Fine and Gray’s method was used to assess the cumulative incidence rate of cardiac events (≥1 grade 5 or serious cardiac AEs including atrial fibrillation, cardiac arrest, and cardiac failure and ≥1 grade 5 cardiac AE including cardiac arrest and cardiac failure) by considering death as a competing event for the first cardiac event.
Includes cardiac failure and cardiac failure congestive.
Given the observed difference in treatment duration between the D-VCd and VCd arms (13.4 months vs 5.3 months), we analyzed the exposure-adjusted AE incidence rates and found that the incidence of all reported AEs was lower for D-VCd vs VCd (Table 5). Additionally, exposure-adjusted incidence rates for any-grade and grade 3 or 4 cardiac AEs were lower with D-VCd vs VCd (3.48 vs 5.47 for any grade, 0.97 vs 2.25 for grade 3 or 4 [data not shown]).
Table 5.
Summary of Exposure-Adjusted Adverse Event Incidence Rates
| D-VCd |
VCd |
|||||
|---|---|---|---|---|---|---|
| n | 100 Patient-Months at Riska | EAIRb | n | 100 Patient-Months at Riska | EAIRb | |
| n | 193 | 188 | ||||
| Any TEAE | 189 | 1.37 | 137.46 | 185 | 0.85 | 217.92 |
| ≥1 related | 174 | 3.02 | 57.67 | 169 | 1.81 | 93.32 |
| Maximum toxicity grade | ||||||
| Grade 1 | 7 | 23.30 | 0.30 | 10 | 7.89 | 1.27 |
| Grade 2 | 61 | 17.52 | 3.48 | 61 | 6.51 | 9.38 |
| Grade 3 | 78 | 16.11 | 4.84 | 83 | 6.72 | 12.35 |
| Grade 4 | 19 | 22.71 | 0.84 | 15 | 8.00 | 1.88 |
| Grade 5 | 24 | 23.99 | 1.00 | 16 | 8.25 | 1.94 |
EAIR = exposure-adjusted incidence rate; TEAE = treatment-emergent adverse event; other abbreviations as in Tables 1 and 3.
Patient-months at risk is the sum of the exposure times at the occurrence of the first TEAE for each subject. A patient’s duration of exposure is given either by the time when the event occurred (noncensored data) or by the total duration of treatment if the patient does not show the AE in question (censored data).
EAIR represents the number of subjects with the event divided by the 100 patient-months at risk for that event. If a patient has multiple occurrences of an event, the patient is counted only once in the numerator.

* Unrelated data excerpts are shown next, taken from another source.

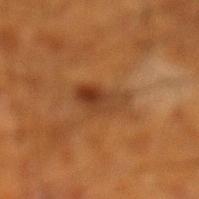• biopsy status: catalogued during a skin exam; not biopsied
• tile lighting: cross-polarized
• body site: the leg
• acquisition: ~15 mm tile from a whole-body skin photo
• patient: male, roughly 60 years of age
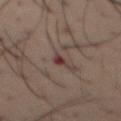lesion_size:
  long_diameter_mm_approx: 2.5
patient:
  sex: male
  age_approx: 40
site: chest
image:
  source: total-body photography crop
  field_of_view_mm: 15
lighting: cross-polarized
automated_metrics:
  shape_asymmetry: 0.45
  nevus_likeness_0_100: 0
  lesion_detection_confidence_0_100: 100
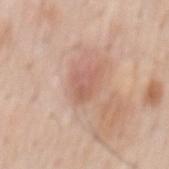{"biopsy_status": "not biopsied; imaged during a skin examination", "lesion_size": {"long_diameter_mm_approx": 3.5}, "image": {"source": "total-body photography crop", "field_of_view_mm": 15}, "lighting": "white-light", "patient": {"sex": "male", "age_approx": 60}, "site": "mid back"}
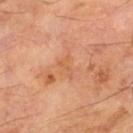The lesion was photographed on a routine skin check and not biopsied; there is no pathology result.
Imaged with cross-polarized lighting.
A region of skin cropped from a whole-body photographic capture, roughly 15 mm wide.
About 2.5 mm across.
On the left thigh.
A male subject, aged approximately 70.
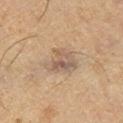Impression:
Captured during whole-body skin photography for melanoma surveillance; the lesion was not biopsied.
Clinical summary:
Imaged with cross-polarized lighting. The recorded lesion diameter is about 4 mm. The lesion is on the left lower leg. A male patient in their mid- to late 60s. A close-up tile cropped from a whole-body skin photograph, about 15 mm across.
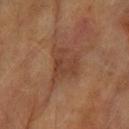Clinical impression:
Recorded during total-body skin imaging; not selected for excision or biopsy.
Background:
Automated tile analysis of the lesion measured a lesion area of about 11 mm² and a shape-asymmetry score of about 0.4 (0 = symmetric). The analysis additionally found a lesion color around L≈37 a*≈19 b*≈27 in CIELAB, about 6 CIELAB-L* units darker than the surrounding skin, and a normalized lesion–skin contrast near 6. The subject is a female aged 58 to 62. Captured under cross-polarized illumination. Cropped from a total-body skin-imaging series; the visible field is about 15 mm. The lesion is located on the left forearm. The lesion's longest dimension is about 4.5 mm.
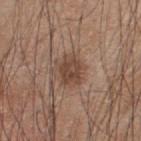Part of a total-body skin-imaging series; this lesion was reviewed on a skin check and was not flagged for biopsy.
The lesion's longest dimension is about 3.5 mm.
From the upper back.
The patient is a male aged approximately 45.
Imaged with white-light lighting.
Automated image analysis of the tile measured roughly 10 lightness units darker than nearby skin and a lesion-to-skin contrast of about 7.5 (normalized; higher = more distinct). The analysis additionally found a border-irregularity rating of about 3/10, a color-variation rating of about 3/10, and a peripheral color-asymmetry measure near 1. And it measured a classifier nevus-likeness of about 45/100 and a lesion-detection confidence of about 100/100.
A region of skin cropped from a whole-body photographic capture, roughly 15 mm wide.
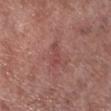No biopsy was performed on this lesion — it was imaged during a full skin examination and was not determined to be concerning. Longest diameter approximately 3 mm. A male patient approximately 55 years of age. Captured under white-light illumination. A region of skin cropped from a whole-body photographic capture, roughly 15 mm wide. The lesion is located on the right lower leg.
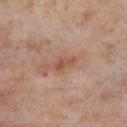Findings:
• biopsy status: imaged on a skin check; not biopsied
• location: the leg
• image: 15 mm crop, total-body photography
• diameter: about 2.5 mm
• subject: female, in their mid-50s
• lighting: cross-polarized
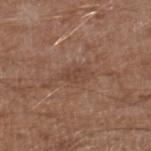Imaged during a routine full-body skin examination; the lesion was not biopsied and no histopathology is available.
A 15 mm close-up tile from a total-body photography series done for melanoma screening.
Located on the right lower leg.
An algorithmic analysis of the crop reported an area of roughly 3 mm², an outline eccentricity of about 0.85 (0 = round, 1 = elongated), and a shape-asymmetry score of about 0.3 (0 = symmetric). The analysis additionally found a lesion color around L≈43 a*≈19 b*≈27 in CIELAB, about 7 CIELAB-L* units darker than the surrounding skin, and a lesion-to-skin contrast of about 5.5 (normalized; higher = more distinct). The software also gave peripheral color asymmetry of about 0.
The tile uses white-light illumination.
A male patient, aged 63 to 67.
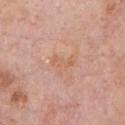The lesion was tiled from a total-body skin photograph and was not biopsied.
A male subject aged around 60.
The lesion is located on the front of the torso.
Automated tile analysis of the lesion measured a mean CIELAB color near L≈61 a*≈22 b*≈32 and a normalized border contrast of about 5. The software also gave a within-lesion color-variation index near 0/10. And it measured a detector confidence of about 100 out of 100 that the crop contains a lesion.
A roughly 15 mm field-of-view crop from a total-body skin photograph.
The lesion's longest dimension is about 3 mm.
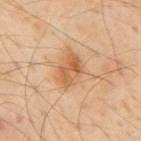workup: imaged on a skin check; not biopsied | image source: total-body-photography crop, ~15 mm field of view | patient: male, approximately 55 years of age | site: the mid back | lesion diameter: about 4 mm | illumination: cross-polarized.
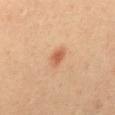Clinical impression:
Part of a total-body skin-imaging series; this lesion was reviewed on a skin check and was not flagged for biopsy.
Clinical summary:
A male subject about 40 years old. This is a cross-polarized tile. A roughly 15 mm field-of-view crop from a total-body skin photograph. From the mid back. About 2.5 mm across.
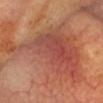biopsy status = total-body-photography surveillance lesion; no biopsy
lesion diameter = ≈11.5 mm
site = the head or neck
subject = male, roughly 60 years of age
image source = ~15 mm tile from a whole-body skin photo
image-analysis metrics = border irregularity of about 10 on a 0–10 scale and radial color variation of about 2
tile lighting = cross-polarized
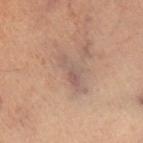{
  "biopsy_status": "not biopsied; imaged during a skin examination"
}
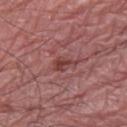The lesion is on the leg. A 15 mm close-up extracted from a 3D total-body photography capture. Captured under white-light illumination. A male subject aged 73–77.
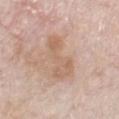The lesion is on the chest. The lesion's longest dimension is about 5.5 mm. This image is a 15 mm lesion crop taken from a total-body photograph. A male patient, roughly 75 years of age. The tile uses white-light illumination.
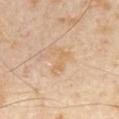Findings:
• biopsy status — total-body-photography surveillance lesion; no biopsy
• acquisition — ~15 mm crop, total-body skin-cancer survey
• subject — male, aged around 65
• lesion size — ~3.5 mm (longest diameter)
• lighting — cross-polarized
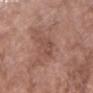<tbp_lesion>
  <biopsy_status>not biopsied; imaged during a skin examination</biopsy_status>
  <image>
    <source>total-body photography crop</source>
    <field_of_view_mm>15</field_of_view_mm>
  </image>
  <lesion_size>
    <long_diameter_mm_approx>4.5</long_diameter_mm_approx>
  </lesion_size>
  <patient>
    <sex>female</sex>
    <age_approx>70</age_approx>
  </patient>
  <automated_metrics>
    <area_mm2_approx>6.5</area_mm2_approx>
    <eccentricity>0.9</eccentricity>
    <shape_asymmetry>0.35</shape_asymmetry>
    <nevus_likeness_0_100>0</nevus_likeness_0_100>
    <lesion_detection_confidence_0_100>85</lesion_detection_confidence_0_100>
  </automated_metrics>
  <site>left forearm</site>
  <lighting>white-light</lighting>
</tbp_lesion>
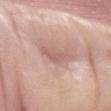biopsy_status: not biopsied; imaged during a skin examination
site: left forearm
image:
  source: total-body photography crop
  field_of_view_mm: 15
patient:
  sex: female
  age_approx: 50
lesion_size:
  long_diameter_mm_approx: 3.5
automated_metrics:
  eccentricity: 0.75
  shape_asymmetry: 0.45
  cielab_L: 60
  cielab_a: 21
  cielab_b: 24
  vs_skin_darker_L: 9.0
  border_irregularity_0_10: 4.5
  color_variation_0_10: 2.0
  lesion_detection_confidence_0_100: 60
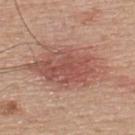<lesion>
  <lighting>white-light</lighting>
  <lesion_size>
    <long_diameter_mm_approx>10.0</long_diameter_mm_approx>
  </lesion_size>
  <image>
    <source>total-body photography crop</source>
    <field_of_view_mm>15</field_of_view_mm>
  </image>
  <automated_metrics>
    <area_mm2_approx>35.0</area_mm2_approx>
    <eccentricity>0.8</eccentricity>
    <shape_asymmetry>0.25</shape_asymmetry>
    <nevus_likeness_0_100>75</nevus_likeness_0_100>
  </automated_metrics>
  <patient>
    <sex>male</sex>
    <age_approx>55</age_approx>
  </patient>
  <site>upper back</site>
</lesion>
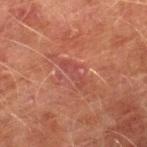Captured during whole-body skin photography for melanoma surveillance; the lesion was not biopsied.
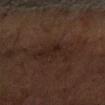Notes:
– notes · total-body-photography surveillance lesion; no biopsy
– location · the left forearm
– lighting · cross-polarized
– patient · male, approximately 60 years of age
– image · ~15 mm crop, total-body skin-cancer survey
– lesion size · ≈5 mm
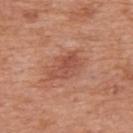Part of a total-body skin-imaging series; this lesion was reviewed on a skin check and was not flagged for biopsy.
The recorded lesion diameter is about 4 mm.
A 15 mm crop from a total-body photograph taken for skin-cancer surveillance.
The subject is a male aged 68–72.
From the back.
This is a white-light tile.
The total-body-photography lesion software estimated an area of roughly 8 mm², an outline eccentricity of about 0.85 (0 = round, 1 = elongated), and a shape-asymmetry score of about 0.3 (0 = symmetric). It also reported a mean CIELAB color near L≈51 a*≈26 b*≈31 and roughly 8 lightness units darker than nearby skin.
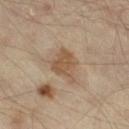This lesion was catalogued during total-body skin photography and was not selected for biopsy.
The lesion is on the right thigh.
The subject is aged 53 to 57.
The lesion's longest dimension is about 4 mm.
A 15 mm crop from a total-body photograph taken for skin-cancer surveillance.
Automated image analysis of the tile measured a lesion area of about 7.5 mm² and an outline eccentricity of about 0.65 (0 = round, 1 = elongated). It also reported a classifier nevus-likeness of about 0/100 and a detector confidence of about 100 out of 100 that the crop contains a lesion.
Captured under cross-polarized illumination.
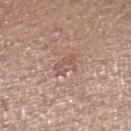biopsy status: total-body-photography surveillance lesion; no biopsy
body site: the right lower leg
patient: male, in their mid-60s
illumination: white-light
image source: ~15 mm tile from a whole-body skin photo
lesion size: about 3 mm
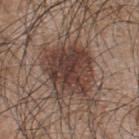The lesion was tiled from a total-body skin photograph and was not biopsied.
The lesion is on the upper back.
Automated tile analysis of the lesion measured an area of roughly 21 mm². And it measured about 12 CIELAB-L* units darker than the surrounding skin and a lesion-to-skin contrast of about 10 (normalized; higher = more distinct). The analysis additionally found a within-lesion color-variation index near 5/10 and a peripheral color-asymmetry measure near 1.5. The analysis additionally found a classifier nevus-likeness of about 40/100 and a lesion-detection confidence of about 100/100.
Imaged with white-light lighting.
This image is a 15 mm lesion crop taken from a total-body photograph.
A male subject, aged approximately 45.
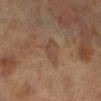Notes:
– subject — female, aged 63–67
– anatomic site — the left leg
– acquisition — total-body-photography crop, ~15 mm field of view
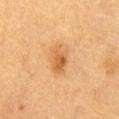Q: Was a biopsy performed?
A: imaged on a skin check; not biopsied
Q: How was this image acquired?
A: ~15 mm tile from a whole-body skin photo
Q: Patient demographics?
A: male, roughly 85 years of age or older
Q: Lesion size?
A: ≈4 mm
Q: Lesion location?
A: the front of the torso
Q: Illumination type?
A: cross-polarized illumination
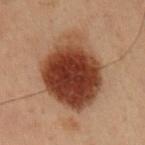Image and clinical context:
The lesion's longest dimension is about 7.5 mm. The subject is a male aged 53–57. The lesion is on the right upper arm. Cropped from a whole-body photographic skin survey; the tile spans about 15 mm. The lesion-visualizer software estimated a mean CIELAB color near L≈32 a*≈20 b*≈26, a lesion–skin lightness drop of about 16, and a normalized lesion–skin contrast near 13.5. The analysis additionally found internal color variation of about 7 on a 0–10 scale. The tile uses cross-polarized illumination.
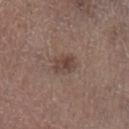Impression: No biopsy was performed on this lesion — it was imaged during a full skin examination and was not determined to be concerning. Context: About 3 mm across. Captured under white-light illumination. An algorithmic analysis of the crop reported a footprint of about 5 mm², a shape eccentricity near 0.7, and a symmetry-axis asymmetry near 0.2. And it measured a lesion color around L≈43 a*≈16 b*≈22 in CIELAB, roughly 9 lightness units darker than nearby skin, and a lesion-to-skin contrast of about 7 (normalized; higher = more distinct). The software also gave border irregularity of about 2.5 on a 0–10 scale and a color-variation rating of about 4/10. It also reported an automated nevus-likeness rating near 15 out of 100 and lesion-presence confidence of about 100/100. Located on the left lower leg. A region of skin cropped from a whole-body photographic capture, roughly 15 mm wide. A male subject, roughly 75 years of age.
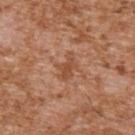Notes:
* follow-up · catalogued during a skin exam; not biopsied
* automated metrics · an average lesion color of about L≈50 a*≈24 b*≈33 (CIELAB), roughly 8 lightness units darker than nearby skin, and a normalized border contrast of about 6; border irregularity of about 5 on a 0–10 scale, internal color variation of about 2 on a 0–10 scale, and radial color variation of about 0.5; a detector confidence of about 100 out of 100 that the crop contains a lesion
* diameter · ≈3.5 mm
* location · the right upper arm
* image · total-body-photography crop, ~15 mm field of view
* tile lighting · white-light illumination
* subject · male, aged around 45
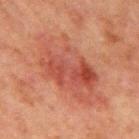Captured during whole-body skin photography for melanoma surveillance; the lesion was not biopsied. A male subject aged around 65. A 15 mm close-up extracted from a 3D total-body photography capture. Located on the chest.
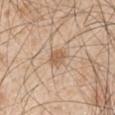The lesion was tiled from a total-body skin photograph and was not biopsied.
The recorded lesion diameter is about 2.5 mm.
From the right upper arm.
A region of skin cropped from a whole-body photographic capture, roughly 15 mm wide.
A male subject in their 50s.
Automated image analysis of the tile measured a border-irregularity index near 2.5/10 and a within-lesion color-variation index near 1.5/10. And it measured an automated nevus-likeness rating near 85 out of 100.
Captured under white-light illumination.
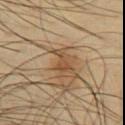biopsy status: no biopsy performed (imaged during a skin exam)
subject: male, aged 43–47
tile lighting: cross-polarized
image source: ~15 mm tile from a whole-body skin photo
size: about 3 mm
automated metrics: a footprint of about 3 mm² and an outline eccentricity of about 0.85 (0 = round, 1 = elongated); a nevus-likeness score of about 80/100 and a lesion-detection confidence of about 100/100
body site: the chest
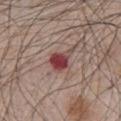The lesion was photographed on a routine skin check and not biopsied; there is no pathology result. The tile uses white-light illumination. A lesion tile, about 15 mm wide, cut from a 3D total-body photograph. About 3.5 mm across. A male subject in their mid- to late 60s. The lesion is located on the chest.
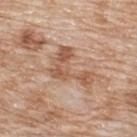| field | value |
|---|---|
| biopsy status | imaged on a skin check; not biopsied |
| subject | male, aged 78 to 82 |
| body site | the upper back |
| imaging modality | 15 mm crop, total-body photography |
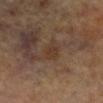Part of a total-body skin-imaging series; this lesion was reviewed on a skin check and was not flagged for biopsy. Cropped from a total-body skin-imaging series; the visible field is about 15 mm. The lesion is located on the left leg. A female patient, approximately 65 years of age. Measured at roughly 2.5 mm in maximum diameter. Captured under cross-polarized illumination.
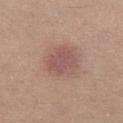Impression:
The lesion was photographed on a routine skin check and not biopsied; there is no pathology result.
Image and clinical context:
The patient is a female in their mid- to late 40s. Located on the right thigh. The tile uses white-light illumination. Automated tile analysis of the lesion measured a lesion area of about 8 mm², an outline eccentricity of about 0.7 (0 = round, 1 = elongated), and a shape-asymmetry score of about 0.2 (0 = symmetric). The analysis additionally found an average lesion color of about L≈52 a*≈22 b*≈22 (CIELAB), roughly 8 lightness units darker than nearby skin, and a normalized lesion–skin contrast near 6.5. Cropped from a total-body skin-imaging series; the visible field is about 15 mm.
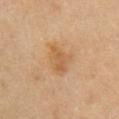Impression:
The lesion was tiled from a total-body skin photograph and was not biopsied.
Clinical summary:
A 15 mm crop from a total-body photograph taken for skin-cancer surveillance. From the arm. The subject is a female aged 58 to 62.

In the intent-to-treat population and in patients who were evaluable for cardiac response, NT-proBNP levels increased during the first treatment cycles, followed by a decline over time, which was more pronounced and occurred earlier with D-VCd vs VCd (Figure 3). Mean high-sensitivity troponin remained stable during initial treatment; thereafter, it gradually decreased over time in both treatment arms.
Figure 3.
NT-proBNP in ITT Analysis Set, Patients Evaluable for Cardiac Response, and Troponin
Mean N-terminal pro–brain natriuretic peptide (NT-proBNP) in the ITT population (A) and in cardiac response-evaluable patients (B) and mean high-sensitivity troponin levels (C) decreased over time in both groups, suggesting no negative impact on cardiac function from the addition of daratumumab to VCd. Disease evaluations were conducted at the screening phase, during treatment cycles 1-6, and every 8 weeks until disease progression. Abbreviations as in Figure 1.
Discussion
Earlier studies have explored the use of high-dose melphalan and autologous stem cell transplantation in patients with AL amyloidosis. Although this treatment combination induced good hematologic and organ response in patients, it was associated with a high rate of mortality if patients were not carefully selected and thus was not recommended for high-risk patients, especially those with advanced cardiac involvement.22 The advent of novel agents has improved long-term outcomes in AL amyloidosis overall, but few studies highlight such benefits in high-risk patients.16 ANDROMEDA included stage IIIA patients but excluded the highest risk group (stage IIIB). As about 70% of patients in ANDROMEDA had cardiac involvement and one-third were in cardiac stage IIIA, in this post hoc analysis we examined the efficacy and safety outcomes in patients with amyloidosis by cardiac stage.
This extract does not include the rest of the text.